*** Opening of DATA FOR ANALYSIS ***

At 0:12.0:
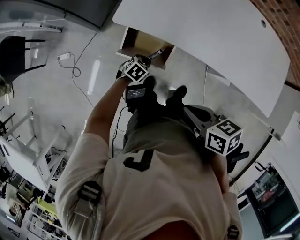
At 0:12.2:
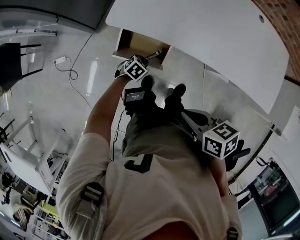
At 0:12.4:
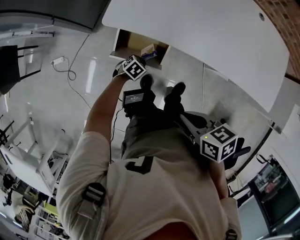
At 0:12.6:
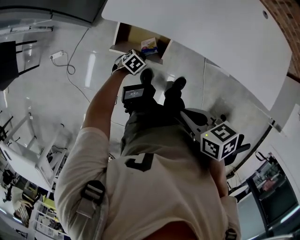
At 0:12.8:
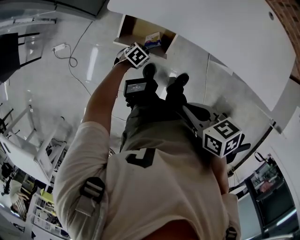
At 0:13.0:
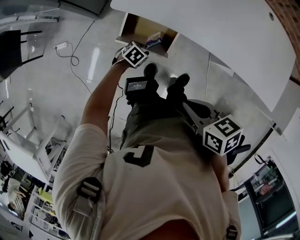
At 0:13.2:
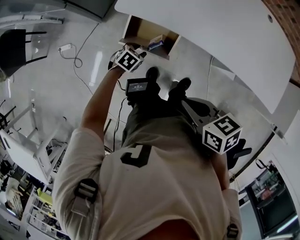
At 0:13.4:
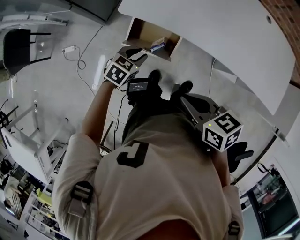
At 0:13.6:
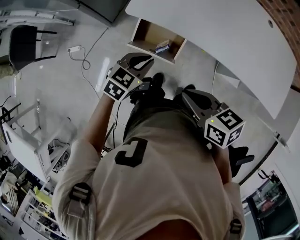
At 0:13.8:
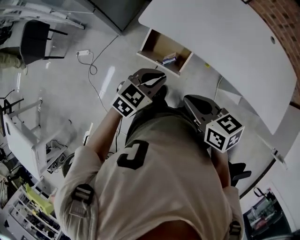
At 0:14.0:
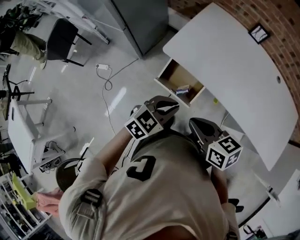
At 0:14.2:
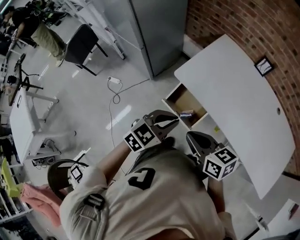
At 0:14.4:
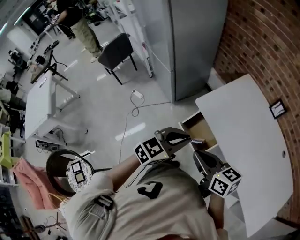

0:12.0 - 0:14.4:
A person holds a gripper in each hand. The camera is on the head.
0:12.0 - 0:13.2: The left gripper moves some 5 cm downward and comes back, and opens up.
0:13.2 - 0:14.4: The right gripper heads upward, covering some 10 cm, and rotates roughly 30 degrees, while the left gripper moves upward, roughly 40 cm, points its fingers approximately 40 degrees further upward, and closes up.

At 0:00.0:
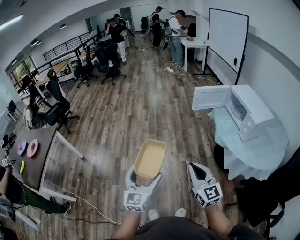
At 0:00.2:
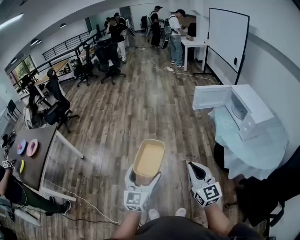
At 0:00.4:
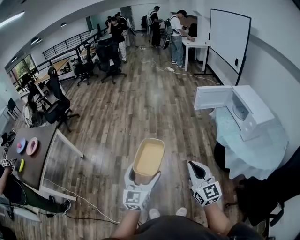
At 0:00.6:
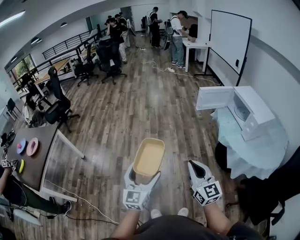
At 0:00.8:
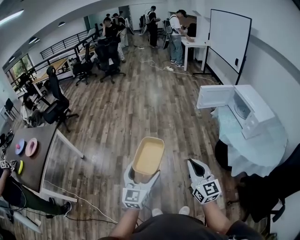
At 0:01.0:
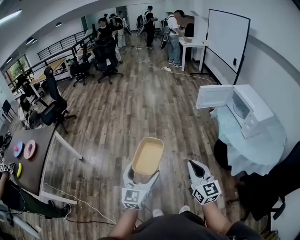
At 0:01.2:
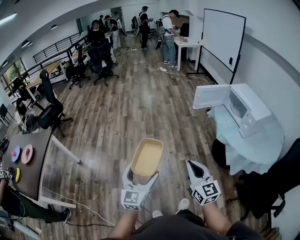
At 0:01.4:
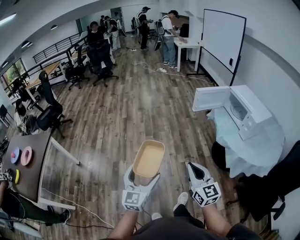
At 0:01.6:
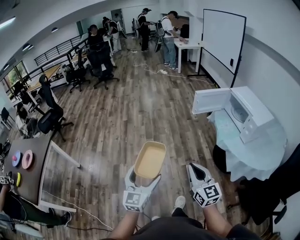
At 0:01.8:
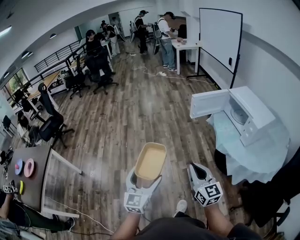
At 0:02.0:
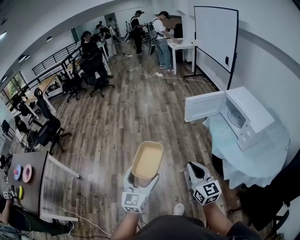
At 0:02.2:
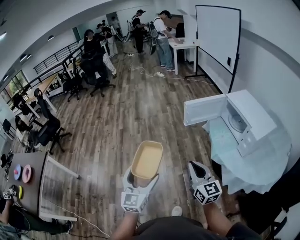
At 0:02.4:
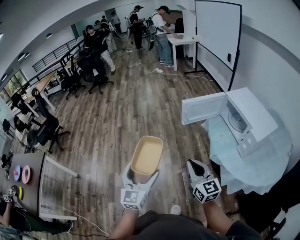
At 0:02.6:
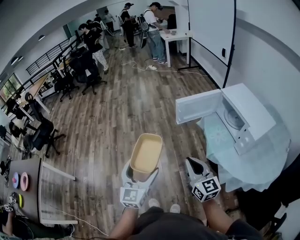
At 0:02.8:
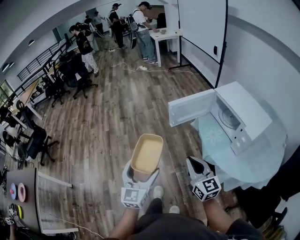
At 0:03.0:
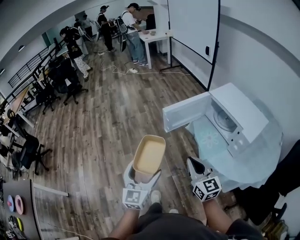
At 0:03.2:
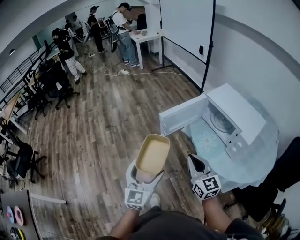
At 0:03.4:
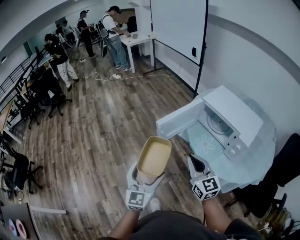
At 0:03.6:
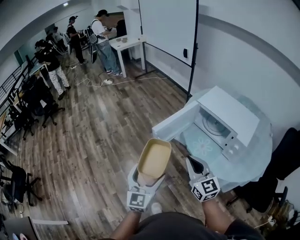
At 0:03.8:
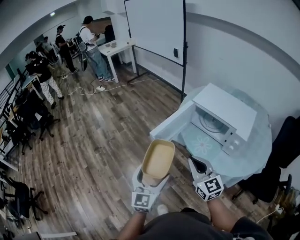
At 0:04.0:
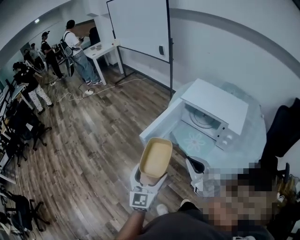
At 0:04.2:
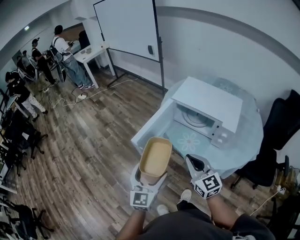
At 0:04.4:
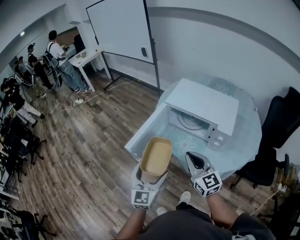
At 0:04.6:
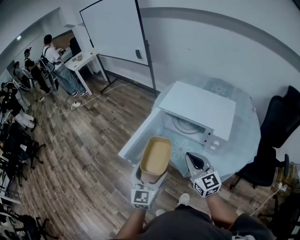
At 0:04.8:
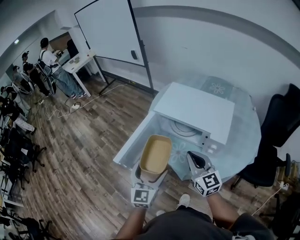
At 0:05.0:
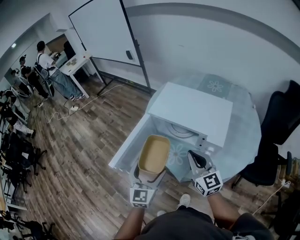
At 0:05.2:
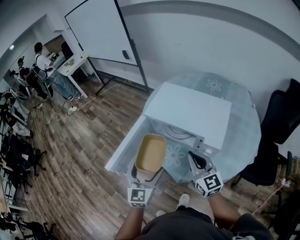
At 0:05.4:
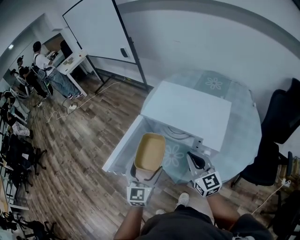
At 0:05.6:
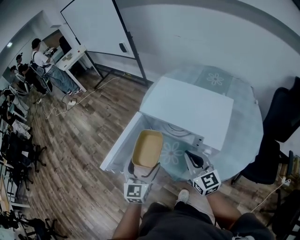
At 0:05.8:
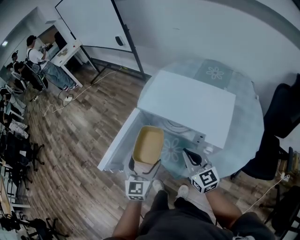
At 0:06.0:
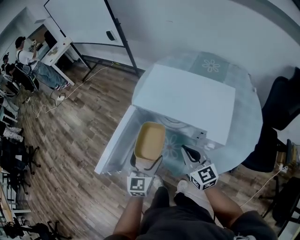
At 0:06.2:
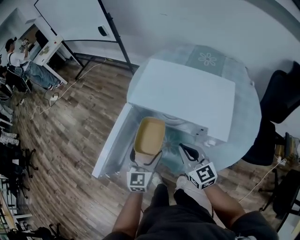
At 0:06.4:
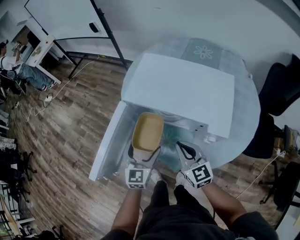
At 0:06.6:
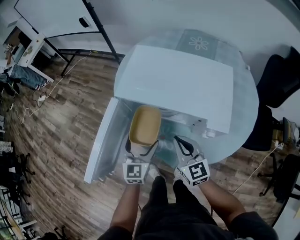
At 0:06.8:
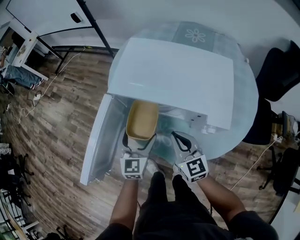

*** Close of DATA FOR ANALYSIS ***

▸ **TASK PROMPT**
With the pictures removed, repeat the listing above exactly as it stands.

▸ **RESULT OF THIS TASK**
At 0:12.0:
At 0:12.2:
At 0:12.4:
At 0:12.6:
At 0:12.8:
At 0:13.0:
At 0:13.2:
At 0:13.4:
At 0:13.6:
At 0:13.8:
At 0:14.0:
At 0:14.2:
At 0:14.4:

0:12.0 - 0:14.4:
A person holds a gripper in each hand. The camera is on the head.
0:12.0 - 0:13.2: The left gripper moves some 5 cm downward and comes back, and opens up.
0:13.2 - 0:14.4: The right gripper heads upward, covering some 10 cm, and rotates roughly 30 degrees, while the left gripper moves upward, roughly 40 cm, points its fingers approximately 40 degrees further upward, and closes up.

At 0:00.0:
At 0:00.2:
At 0:00.4:
At 0:00.6:
At 0:00.8:
At 0:01.0:
At 0:01.2:
At 0:01.4:
At 0:01.6:
At 0:01.8:
At 0:02.0:
At 0:02.2:
At 0:02.4:
At 0:02.6:
At 0:02.8:
At 0:03.0:
At 0:03.2:
At 0:03.4:
At 0:03.6:
At 0:03.8:
At 0:04.0:
At 0:04.2:
At 0:04.4:
At 0:04.6:
At 0:04.8:
At 0:05.0:
At 0:05.2:
At 0:05.4:
At 0:05.6:
At 0:05.8:
At 0:06.0:
At 0:06.2:
At 0:06.4:
At 0:06.6:
At 0:06.8:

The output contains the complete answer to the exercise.